Overview of key ETSI and NIST standards guiding our cryptographic design and signature validation, including eIDAS, and FIPS 204.

Updated over 8 months ago

Purpose of This Document

This article outlines the core ETSI and NIST technical standards that underpin the cryptographic implementations in Virifi’s Solution Proposal. These standards ensure interoperability, legal compliance, and resilience to both current and emerging threats — including quantum-based attacks.


ETSI (European Telecommunications Standards Institute)

ETSI provides the technical specifications for eIDAS-compliant electronic signatures used across the EU and by regulated entities globally. The following standards are directly implemented:


Signature Format Standards

  • ETSI EN 319 142-1 (PAdES)

    Digital signatures embedded into PDF files.

  • ETSI EN 319 132-1 (XAdES)

    XML-based digital signature structures for data contracts, workflows.

  • ETSI TS 119 182-1 (JAdES)

    JSON-compatible signatures aligned with JOSE, for APIs and modern applications.

  • ETSI EN 319 122-1 (CAdES)

    Signatures for CMS-based (binary) systems, system-to-system communication.


Validation & Reporting

  • ETSI TS 119 102-2 – Signature Validation Reports (XAdES, PAdES, etc.)

    Provides machine-readable validation status and diagnostics.


NIST (National Institute of Standards and Technology)

NIST defines cryptographic standards for secure digital signatures and key management, widely adopted in both federal and international domains.


Post-Quantum Cryptography

  • FIPS 204 – ML-DSA (Module-Lattice-Based Digital Signature Algorithm)

    Post-quantum secure signature algorithm used in our Cloud HSM configurations.


Traditional Standards (Referenced Where Applicable)

  • FIPS 140-2 / 140-3 – Hardware cryptographic module validation

  • FIPS 186-5 – Digital Signature Standard (covers RSA, DSA, ECDSA)

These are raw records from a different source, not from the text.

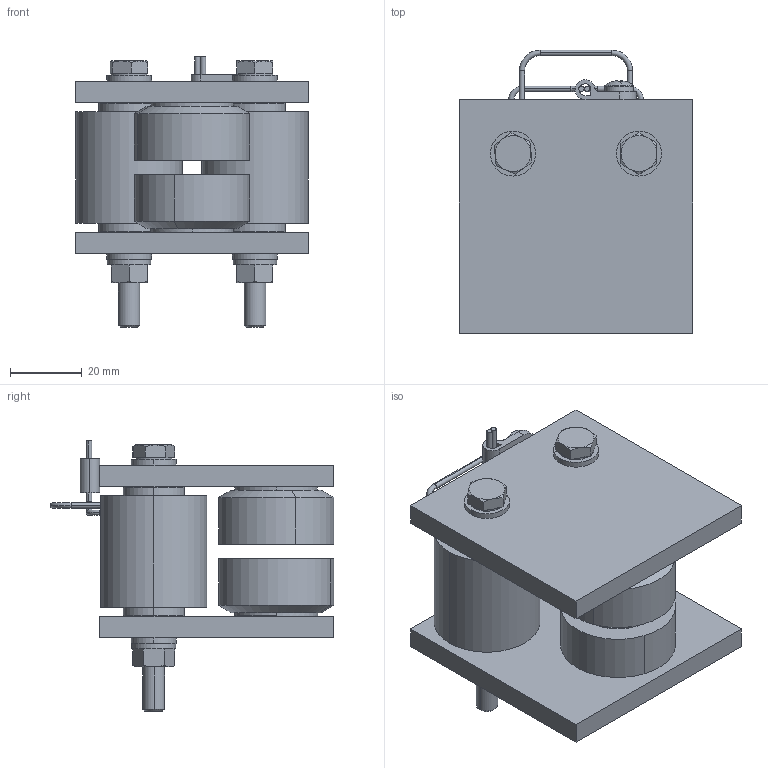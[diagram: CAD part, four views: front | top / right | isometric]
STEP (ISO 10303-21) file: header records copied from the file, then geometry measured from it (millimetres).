
FILE_DESCRIPTION (( 'STEP AP203' ), '1' );
FILE_NAME ('GDN-15(Web—p).STEP', '2025-12-15T08:05:45', ( '' ), ( '' ), 'SwSTEP 2.0', 'SolidWorks 2024', '' );
FILE_SCHEMA (( 'CONFIG_CONTROL_DESIGN' ));
Length unit declared in the file: millimetre
Products named in the file (1): GDN-15(Web用)
Bounding box: 65 x 78.75 x 75.15 mm (x, y, z)
Volume: 123608.1 mm3; surface area: 34651.4 mm2
Topology: 1 solids, 1 shells, 332 faces, 821 edges, 507 vertices
Faces by surface type: plane 143, cylinder 124, cone 49, torus 14, sphere 2
Entity records: 10267 total; most frequent: CARTESIAN_POINT 2090, DIRECTION 1817, ORIENTED_EDGE 1638, EDGE_CURVE 819, AXIS2_PLACEMENT_3D 733, VERTEX_POINT 507, CIRCLE 400, EDGE_LOOP 374

  • SP 800-57 / SP 800-131A – Key management, cryptoperiods, algorithm transition guidelines


Why These Standards Matter

  1. Compliance with CBJ Requirements – Both ETSI eIDAS and NIST standards are explicitly referenced in the CBJ Digital Signature Challenge.

  2. Legal Validity – ETSI ensures signatures hold weight across EU and affiliated jurisdictions.

  3. Security Future-Proofing – FIPS 204 aligns with post-quantum strategy.

  4. Technical Interoperability – Systems that use these standards are compatible across regulated financial infrastructures.